Biodiversity refers to biota in terms of taxonomic and genetic diversity, the variety of life forms present and the community structure thereby created, and the ecological roles performed. The biota is organized hierarchically from the level of the genome up to individual organisms, species, populations, and communities. Two related aspects of biodiversity are species composition, i.e. the taxonomic array of species present, and species richness, i.e. the number of different species present. The importance of an ample recovery in species composition cannot be overstated in restoration. All functional species-groups must be represented if a restored ecosystem is to maintain itself. Species redundancy, i.e. the presence of multiple species that play similar roles in ecosystem dynamics, provides assurance that ecosystem health is maintained in response to stress, disturbance or other environmental changes.
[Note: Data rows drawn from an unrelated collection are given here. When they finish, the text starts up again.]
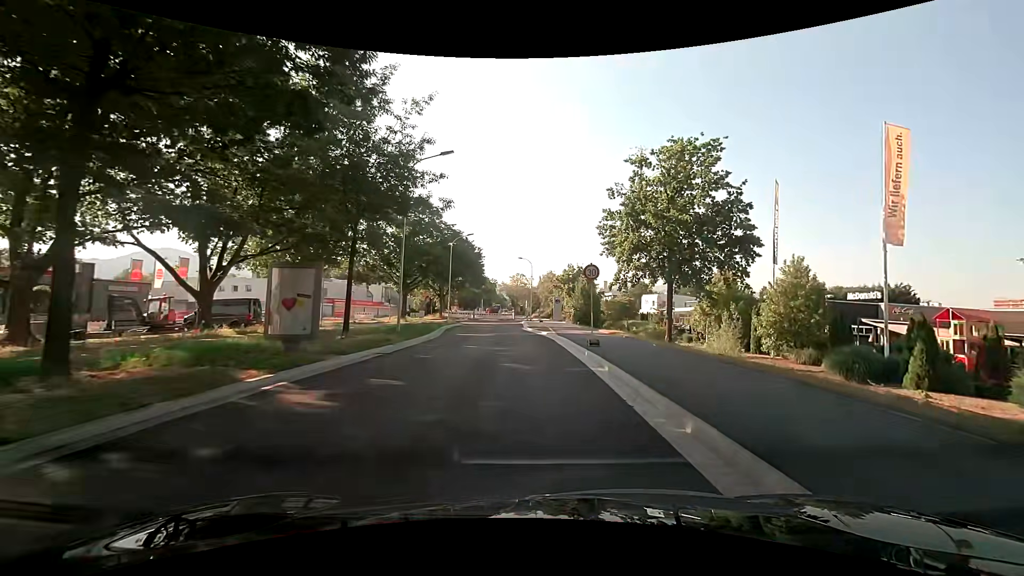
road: tertiary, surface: asphalt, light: Day
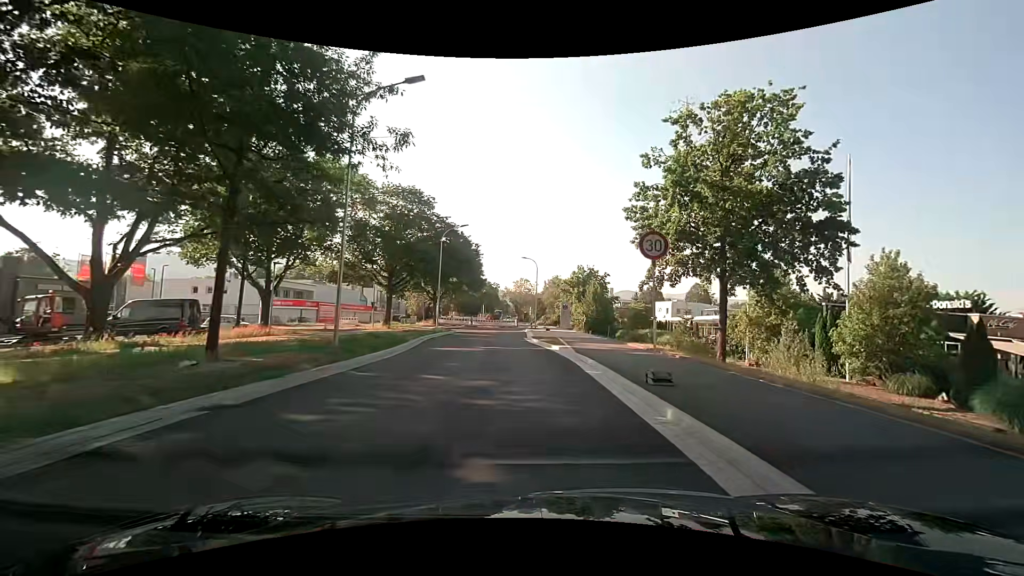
(-0.2, +8.5) m; 0°
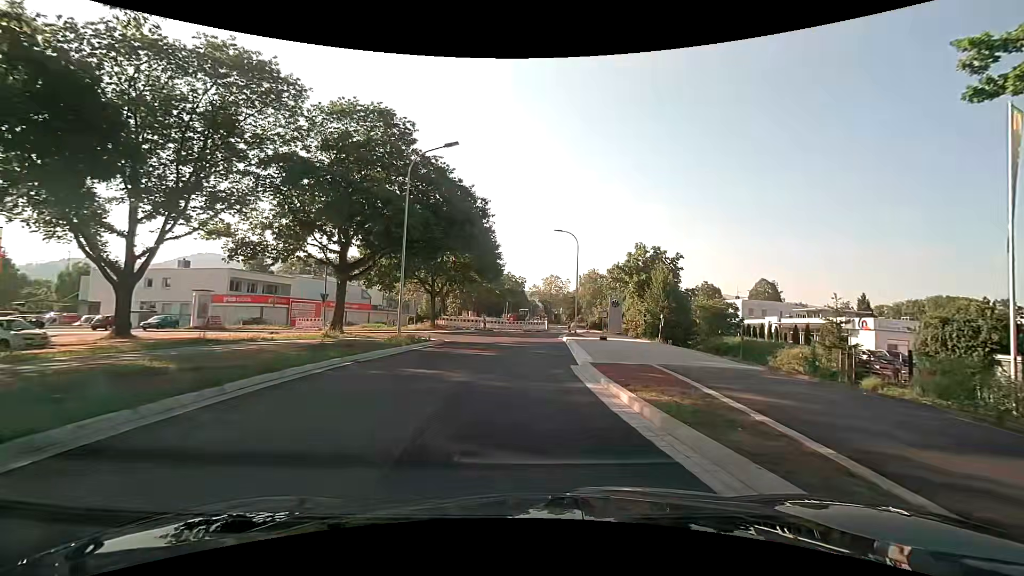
(-0.9, +20.6) m; -5°
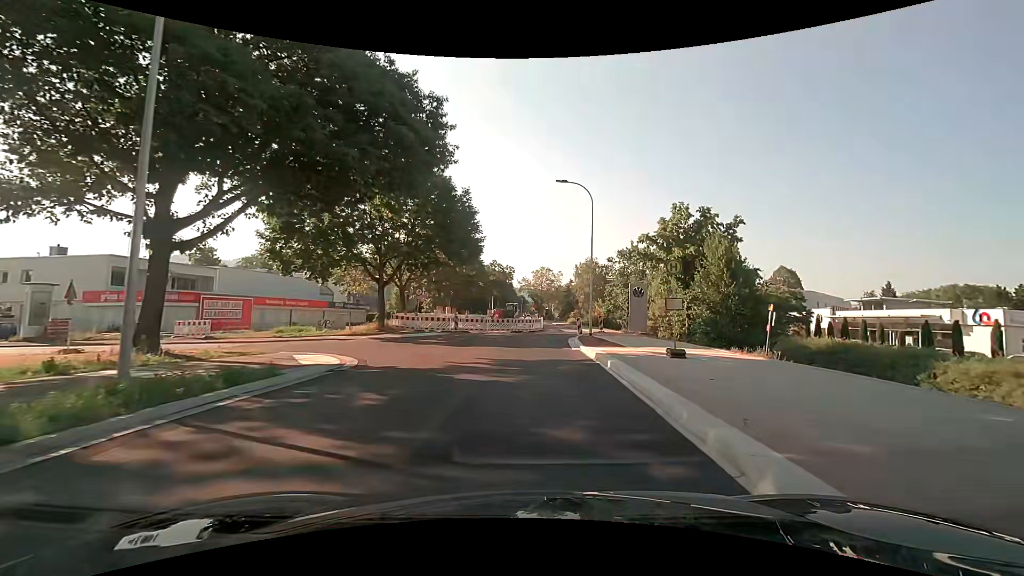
(+0.1, +15.2) m; +2°
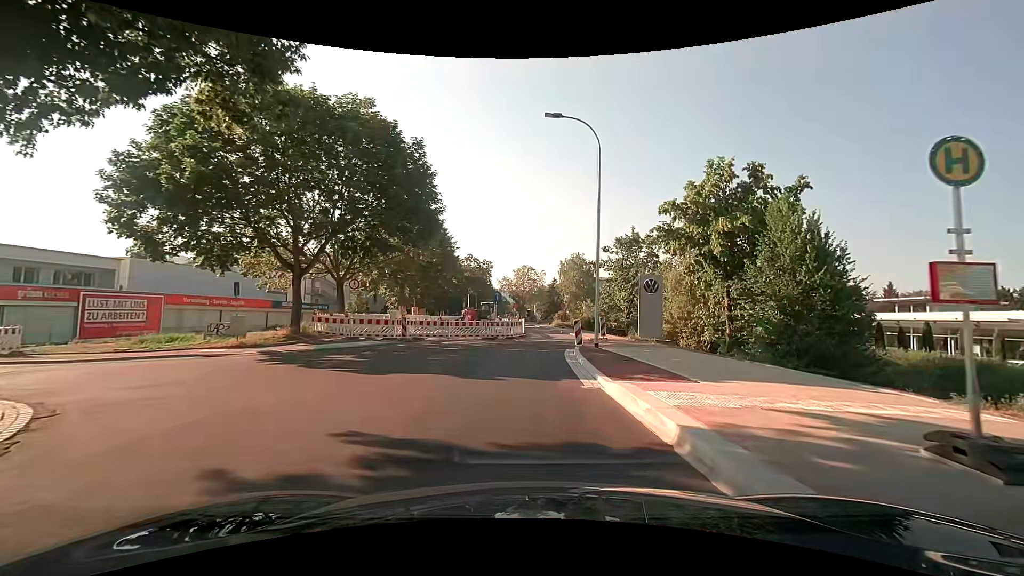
(+0.2, +10.0) m; +1°
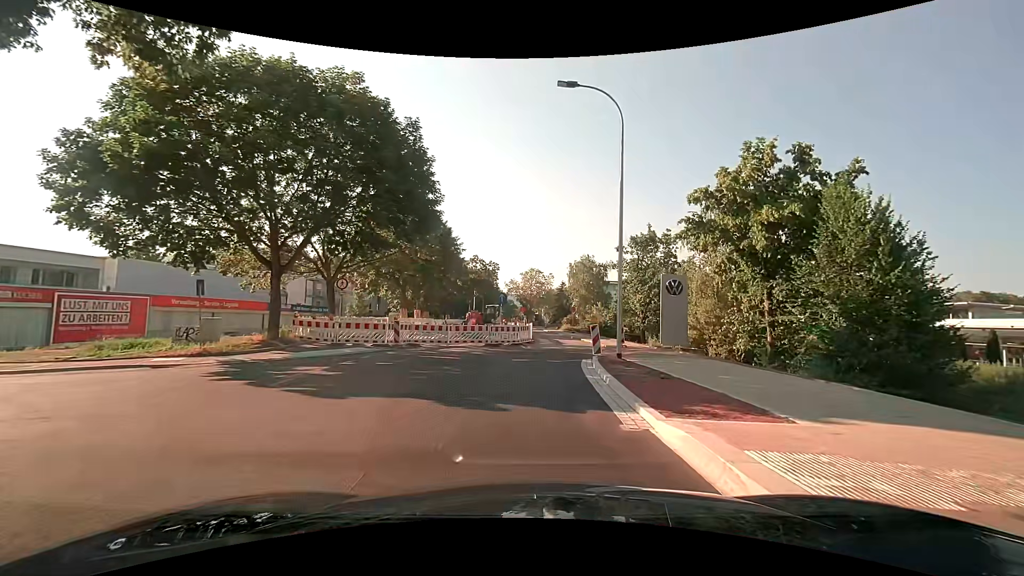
(0.0, +3.0) m; -1°
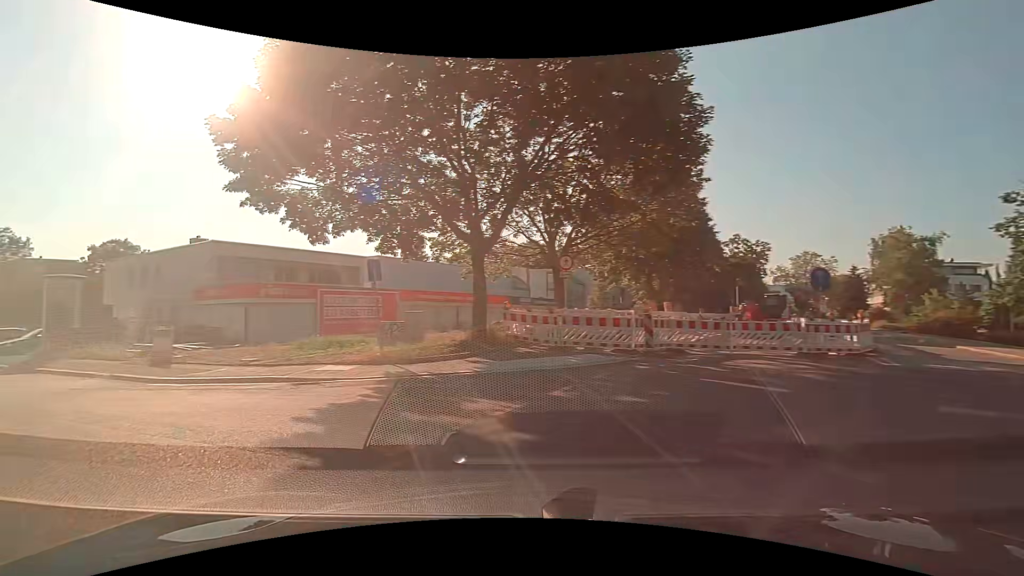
(-1.5, +8.1) m; -29°
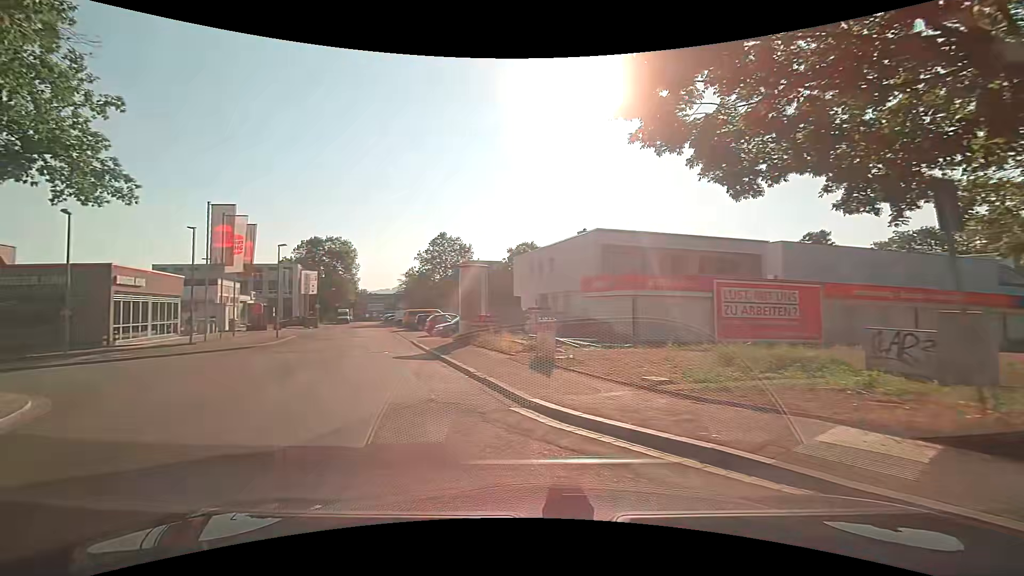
(-2.6, +6.8) m; -41°
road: unclassified

In order for an ecosystem to be well adapted to local site conditions and to display resilience in response to a stressful or changing environment, the species-populations that comprise it must possess genetic fitness. An ecosystem containing genetically fit populations is one that is not only adapted to the current environmental regime, but possesses some "genetic redundancy", whereby the gene pool contains a diversity of alleles that may be selected in response to environmental change. Under normal circumstances, the reintroduction of local ecotypes is sufficient to maintain genetic fitness. Nevertheless, in sites that have suffered substantial damage and consequent alteration to their physical environment, the introduction of diverse genetic stock may be the preferred strategy, thereby allowing recombination and the eventual development of novel, more adaptive ecotypes.

By community structure is meant the physiognomy or architecture of the community with respect to the density, horizontal stratification, and frequency distribution of species-populations, and the sizes and life forms of the organisms that comprise those communities.

Ecological processes or ecosystem functions are the dynamic attributes of ecosystems, including interactions among organisms and interactions between organisms and their environment. Ecological processes are the basis for self-maintenance in an ecosystem. Some restoration ecologists limit the use of the term "ecosystem functions" to those dynamic attributes which most directly affect metabolism, principally the sequestering and transformation of energy, nutrients, and moisture. Examples are carbon fixation by photosynthesis, trophic interactions, decomposition, and mineral nutrient cycling. When ecosystem functions are strictly defined in this manner, other dynamic attributes are distinguished as "ecosystem processes" such as substrate stabilization, microclimatic control, differentiation of habitat for specialized species, pollination and seed dispersal. Functioning at larger spatial scales is generally conceived in more general terms, such as the long-term retention of nutrients and moisture and overall ecosystem sustainability.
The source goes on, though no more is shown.